Let $X$ and $Y$ denote symmetric real matrices of the same fixed size. Let $\|\cdot\|$ denote a submultiplicative matrix norm. (For concreteness, let $\|\cdot\|$ be the Frobenius norm, but I am interested in other norms too.)
Define $$f(X) = \sup_Y \|e^{X+Y}e^{-Y}-I\|$$ and $$g(X)=\inf_Y \|e^{X+Y}e^{-Y}-I\|.$$
Trivially, $0 \le g(X) \le \|e^X-I\| \le f(X)$. The question is to prove nontrivial bounds. Specific questions:
- Is $f(X)$ finite?
- Is $g(X)$ nonzero?
- Is $f(X) = \Theta(\|X\|)$ as $\|X\|\to0$?

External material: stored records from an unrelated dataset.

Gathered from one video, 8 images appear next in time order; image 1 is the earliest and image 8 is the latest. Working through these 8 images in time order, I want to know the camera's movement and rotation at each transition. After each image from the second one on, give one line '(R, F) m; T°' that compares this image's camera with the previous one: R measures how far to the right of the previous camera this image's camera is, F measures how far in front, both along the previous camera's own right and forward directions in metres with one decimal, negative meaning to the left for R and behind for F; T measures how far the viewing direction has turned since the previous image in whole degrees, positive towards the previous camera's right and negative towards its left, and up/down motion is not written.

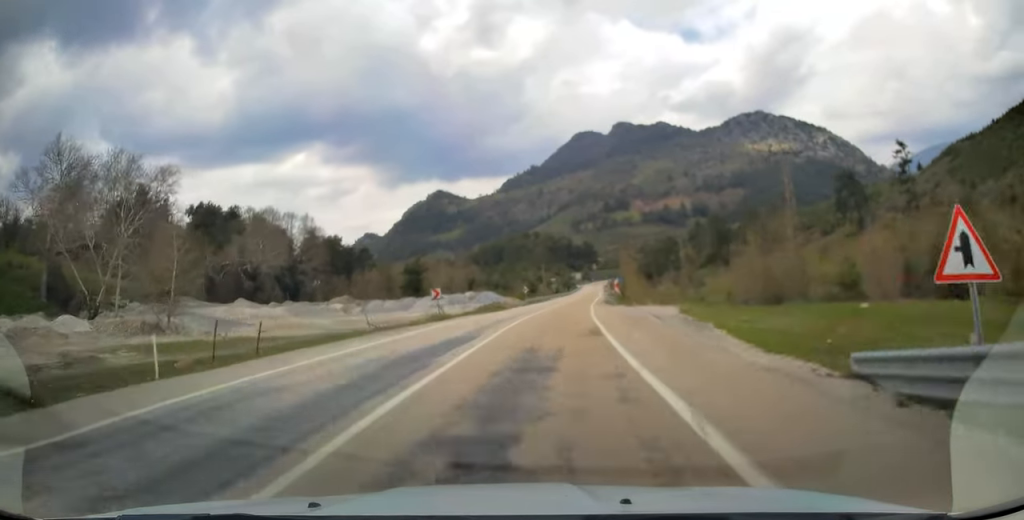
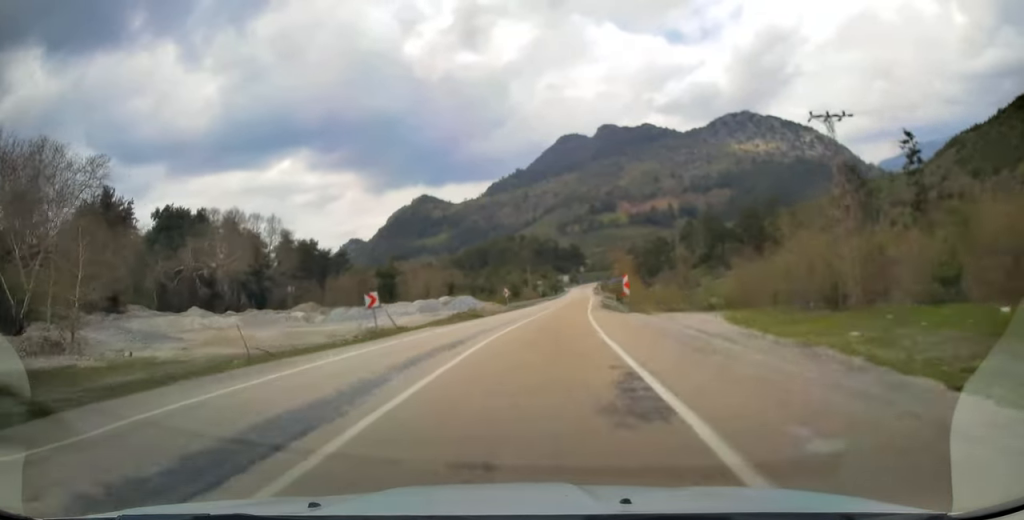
(+0.3, +10.9) m; +2°
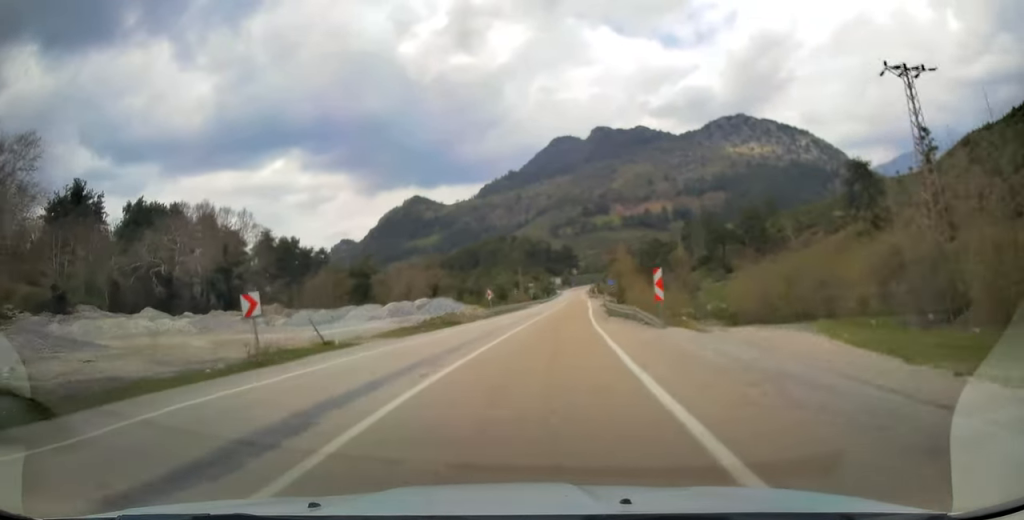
(0.0, +10.1) m; +1°
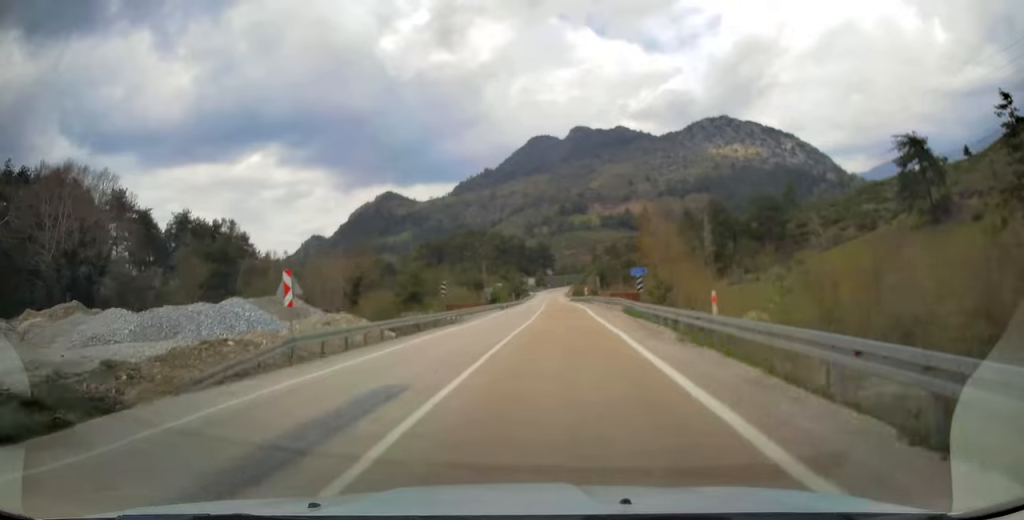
(+1.1, +38.3) m; +2°
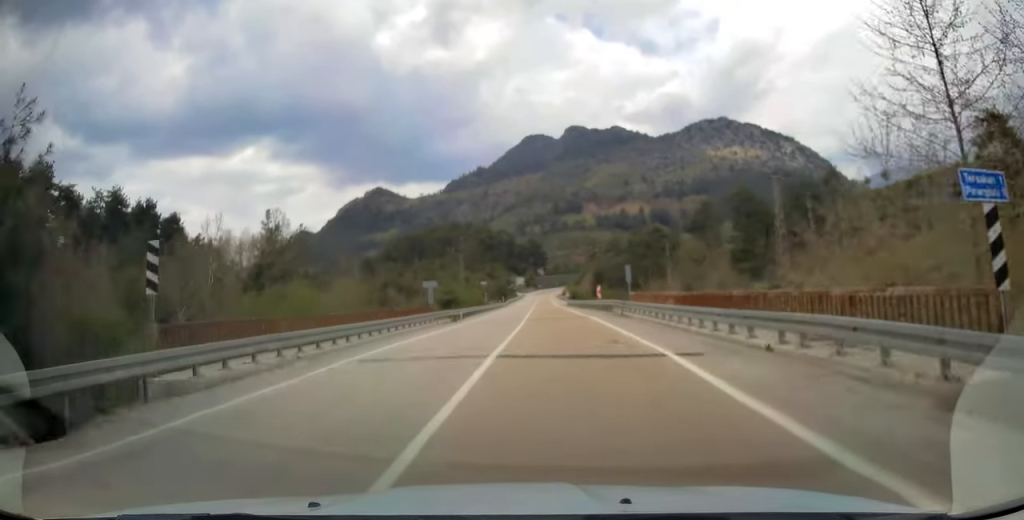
(+0.1, +30.6) m; 0°
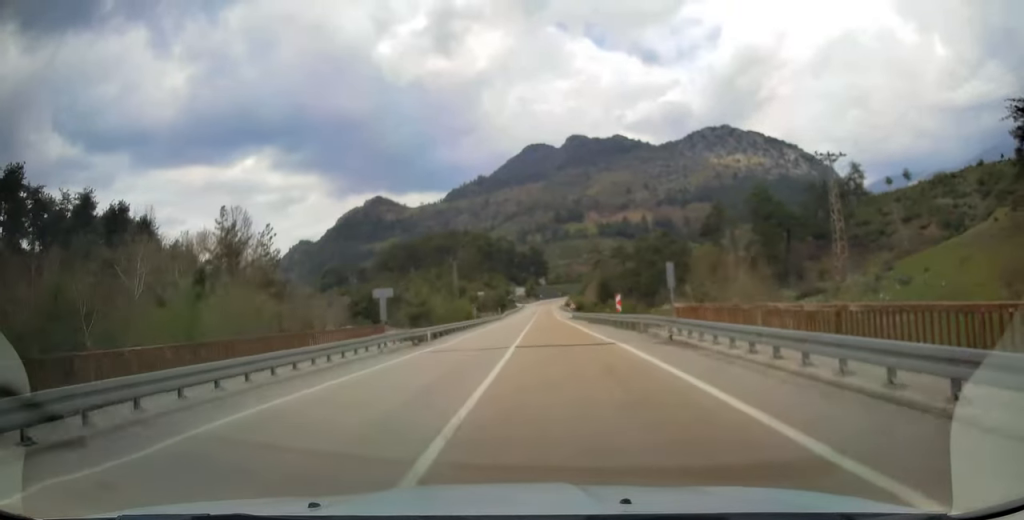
(0.0, +12.0) m; 0°
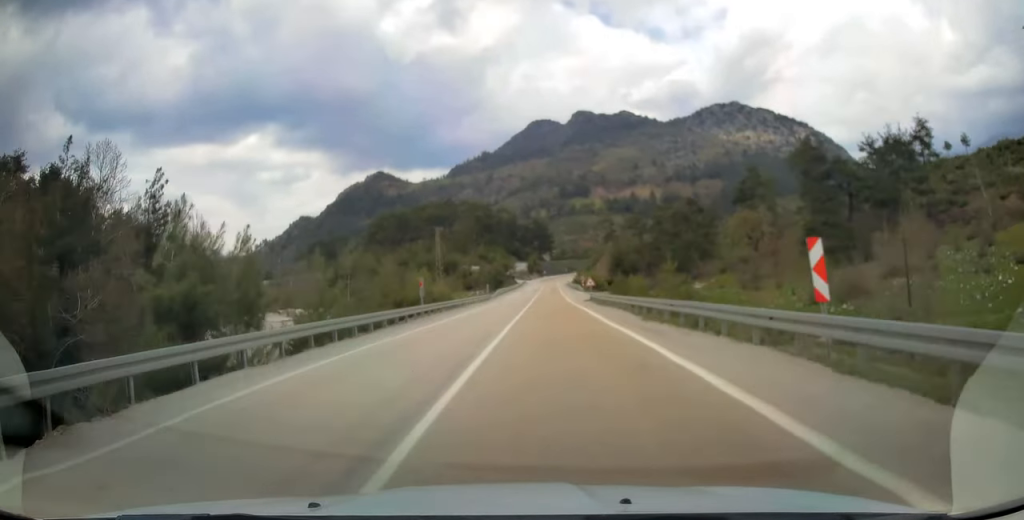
(-0.2, +25.9) m; 0°
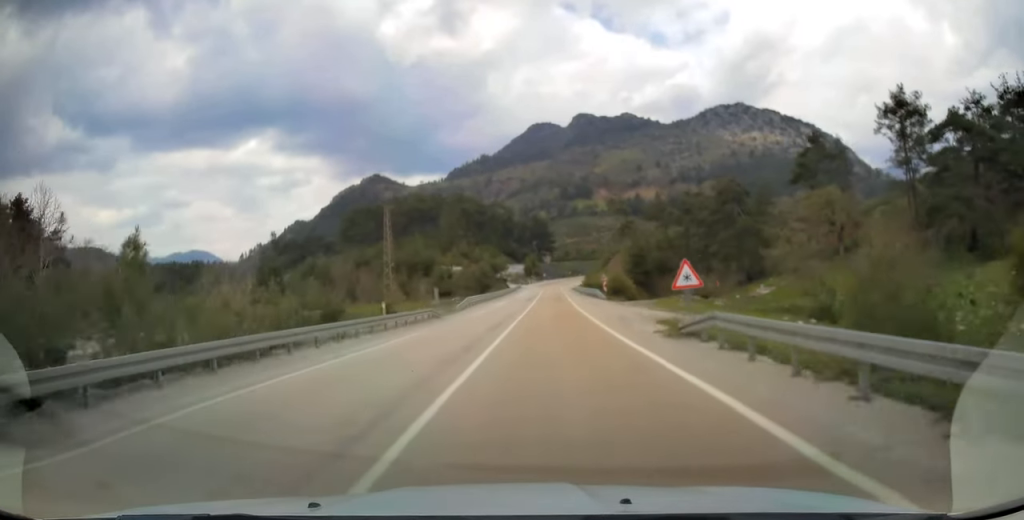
(-0.3, +34.8) m; -1°

- Is $g(X) = \Theta(\|X\|)$ as $\|X\|\to0$?
- Is there a simple closed form expression for $f(X)$ or $g(X)$?
Note that $\|e^X-I\|=\Theta(\|X\|)$ as $\|X\|\to0$.
The reason I'm asking this question is that I want to have some understanding of how "smooth" the matrix exponential is.
A related bound is $\|e^{X+Y}-e^Y\| \le \|X\|e^{\|X\|+\|Y\|}$ and, more generally, $\|e^X-e^Y\| \le \|X-Y\| e^{\max\{\|X\|,\|Y\|\}}$.